As for her plans for next year, Geetanjali is also reconsidering going to university. She shared, “I have recently been thinking about taking a fifth year, but not just because of dance. I was planning to attend the University of Waterloo this fall and study psychology there.” She does not want her first year in university to be spent online: “Your first year of University is supposed to be one of the best years of your life. […] At this point, no one really knows how long this pandemic will last for. I would rather take a fifth year [in high school that’s] online than have my first year of university online.”
Samuel D has been part of the WCI community for only two years. He came to Waterloo from his home country, Brazil, at the start of grade 11 and quickly adapted to his new life here. In the summer of 2019, Samuel went back to Brazil at the time not knowing if he would come back to WCI for grade 12. The following September, Samuel decided to come back to WCI to finish high school. Unlike most WCI students who are now at home in Waterloo, Samuel is now back home in Brazil with his family. He said, “I chose to come back [to Brazil]. I didn’t have to, but it was a good decision because I get to spend time with my family in my own house which is pretty awesome. I also really miss all the close friends I have in Canada that I consider a second family, so I can’t wait till this situation is over so I can come back and see them.”
Samuel taking a fifth year would be a little more complicated for him than for others. He would have to leave his family in Brazil again to move back to Canada for one more year. When asked if make this move, he said, “I am very upset. This is definitely not how I imagined my senior year ending. I just found out our prom and graduation have been officially cancelled, and it destroyed my day. One of the big reasons why I came back to Canada for grade 12 was prom and graduation. This situation took those away from me. I wasn’t considering a fifth year being an option before, but now I’m starting to think about it and balance my options to make the right decision for myself. This is definitely not how all of us dreamed our last year to be like.”
Although many students are considering a fifth year, Matthew D is a grade 12 student who has been accepted at the University of Calgary next year, and he plans on moving there in the fall. “The school closures are not as bad for me as they might be for some other people. I notice a very minimal change in the amount of content I’m learning, and it allows me to have more time in my day. There’s no doubt that I miss the social aspect of school, but this closure allows me to have more time to work on other skills and independently learn things that are not part of the school curriculum.”

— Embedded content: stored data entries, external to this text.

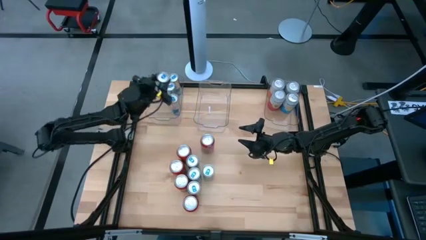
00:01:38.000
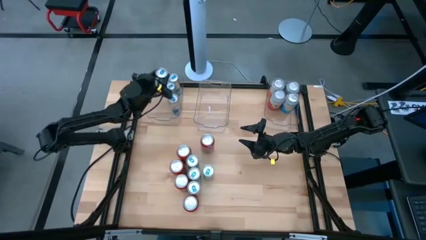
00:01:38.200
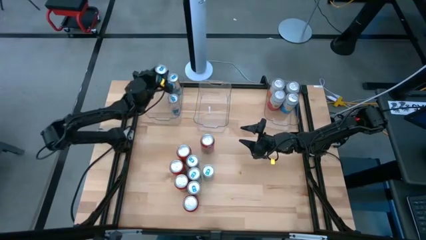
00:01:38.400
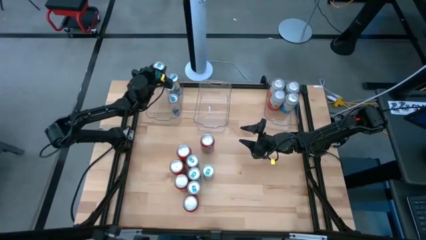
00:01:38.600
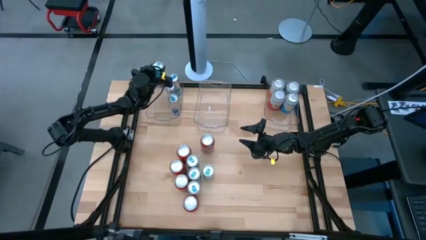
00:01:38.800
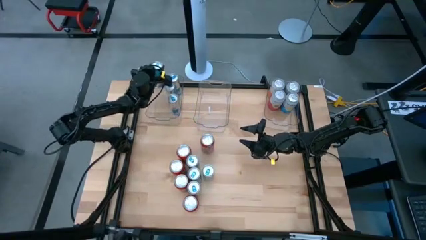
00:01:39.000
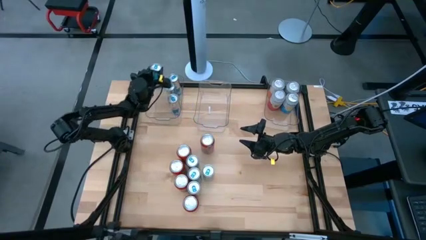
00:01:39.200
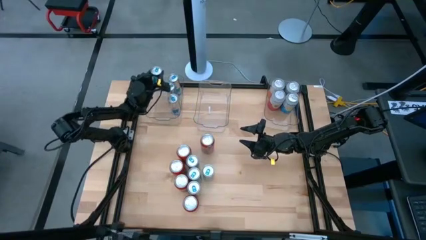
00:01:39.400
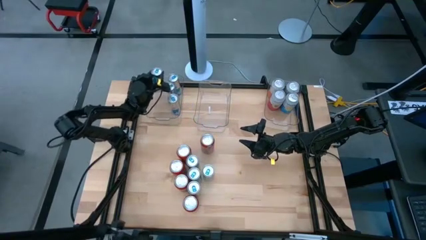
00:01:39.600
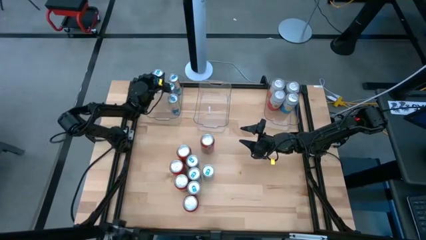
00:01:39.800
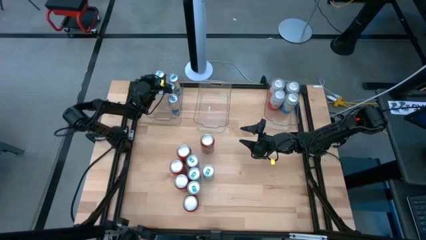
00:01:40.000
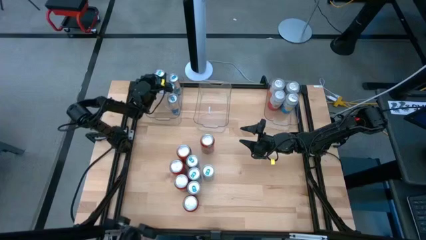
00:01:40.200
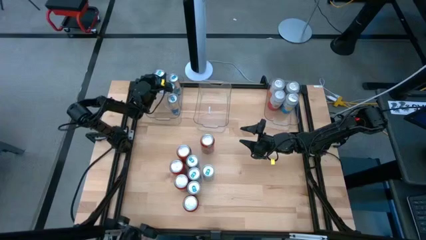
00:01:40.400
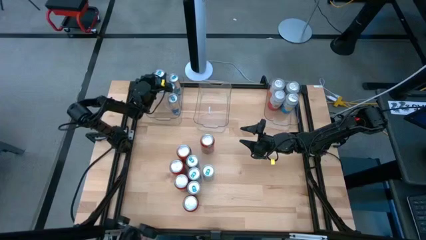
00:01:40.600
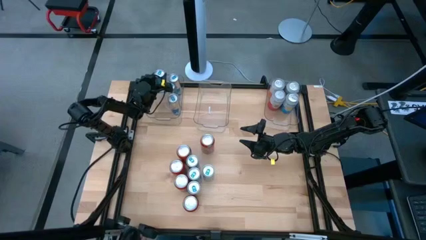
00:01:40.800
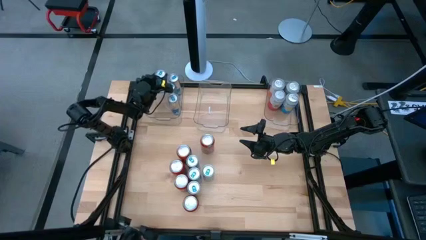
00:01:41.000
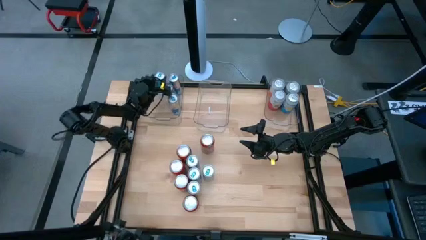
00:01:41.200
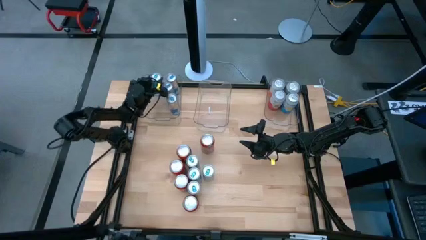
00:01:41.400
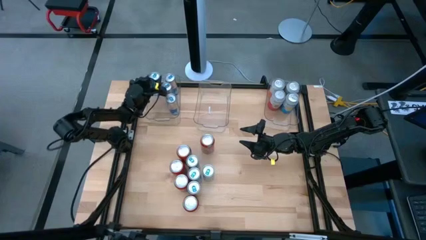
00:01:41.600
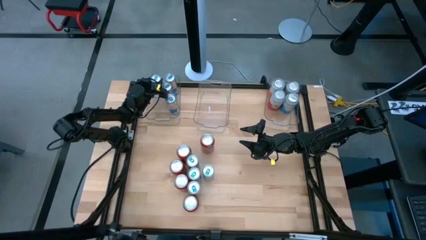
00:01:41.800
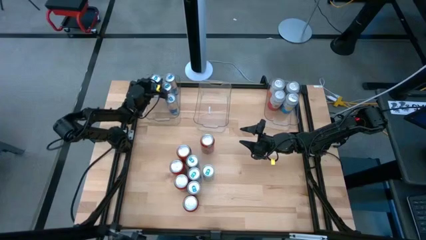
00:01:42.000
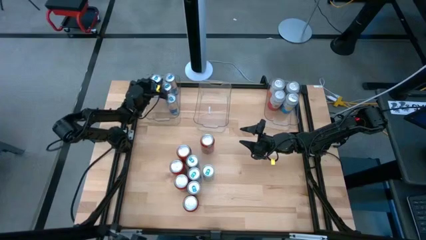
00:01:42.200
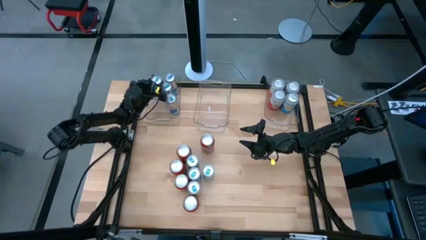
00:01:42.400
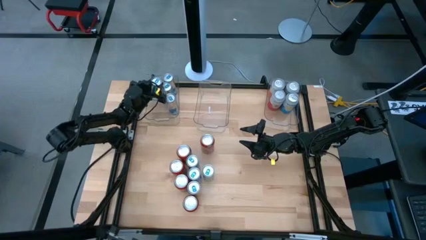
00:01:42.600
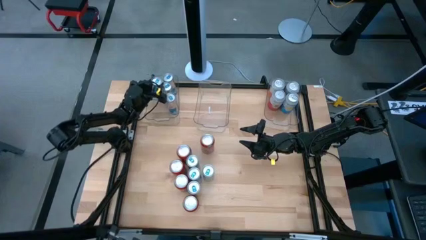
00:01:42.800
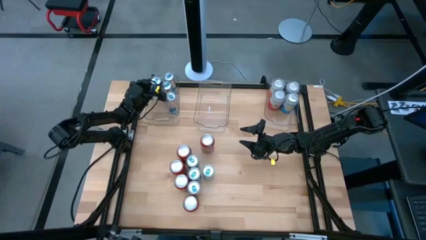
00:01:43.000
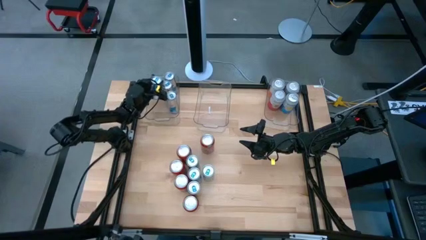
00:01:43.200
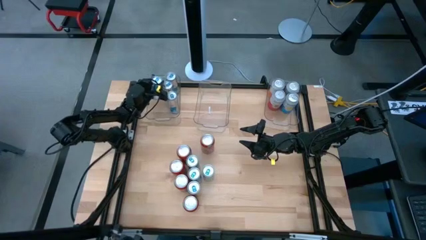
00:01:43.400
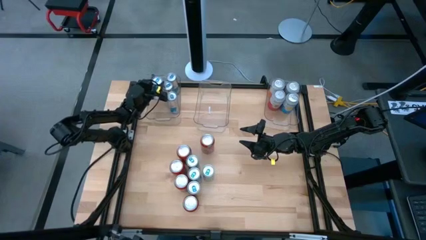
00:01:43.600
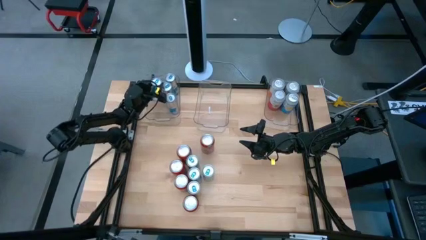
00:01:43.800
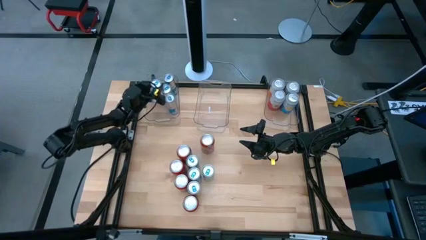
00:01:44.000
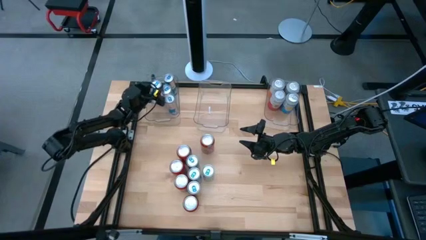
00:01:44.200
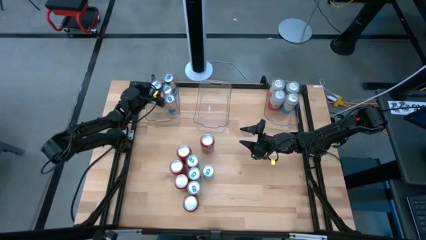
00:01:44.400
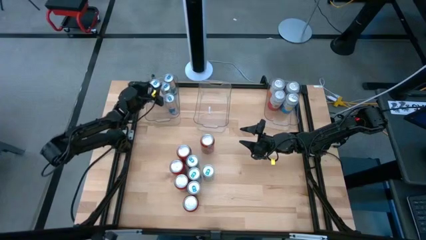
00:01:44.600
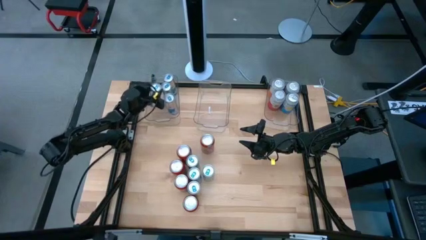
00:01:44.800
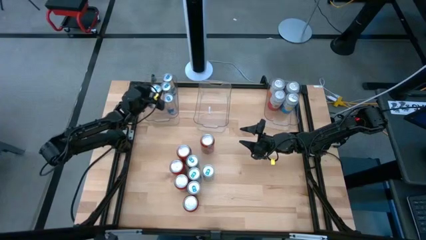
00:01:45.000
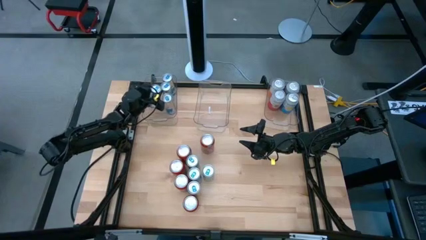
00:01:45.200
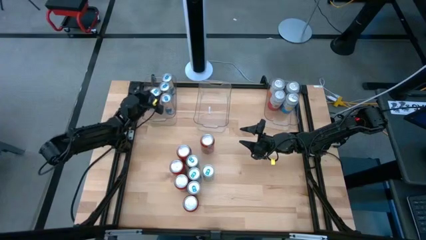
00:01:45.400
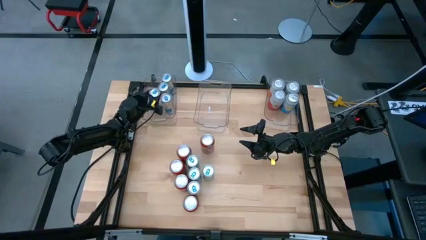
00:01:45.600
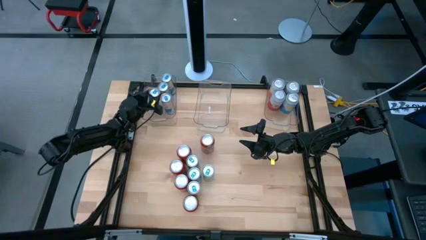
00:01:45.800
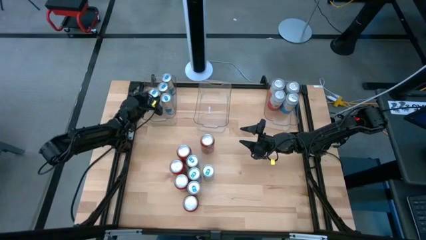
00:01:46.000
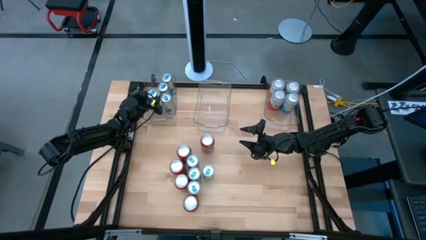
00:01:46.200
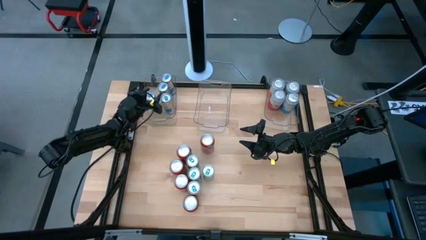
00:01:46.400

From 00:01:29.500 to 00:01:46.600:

Matthew went on to say, “I’m not really missing any spring extracurricular activities since I was just part of the DECA team but that had already ended.” When asked if he would consider taking a fifth year, he explained, “I 100% am extremely disappointed in the outcome of no prom and no graduation ceremony. I’ve been looking forward to both of those things since I first stepped into WCI as a Grade 9. Although these are very difficult things to miss out on, I believe continuing on into post-secondary education is far more beneficial to me for my future. It’ll allow me to enter my field of work a year earlier, and I don’t believe high school has many courses left that I would still benefit from.”
These are very unfortunate times for these seniors as there is a chance they won’t be able to experience many things they had been looking forward to this year. For many students taking a fifth year might be their only option left to have their “grade 12 year” back, that is if schools will reopen in time for the start of the new school year in September 2020.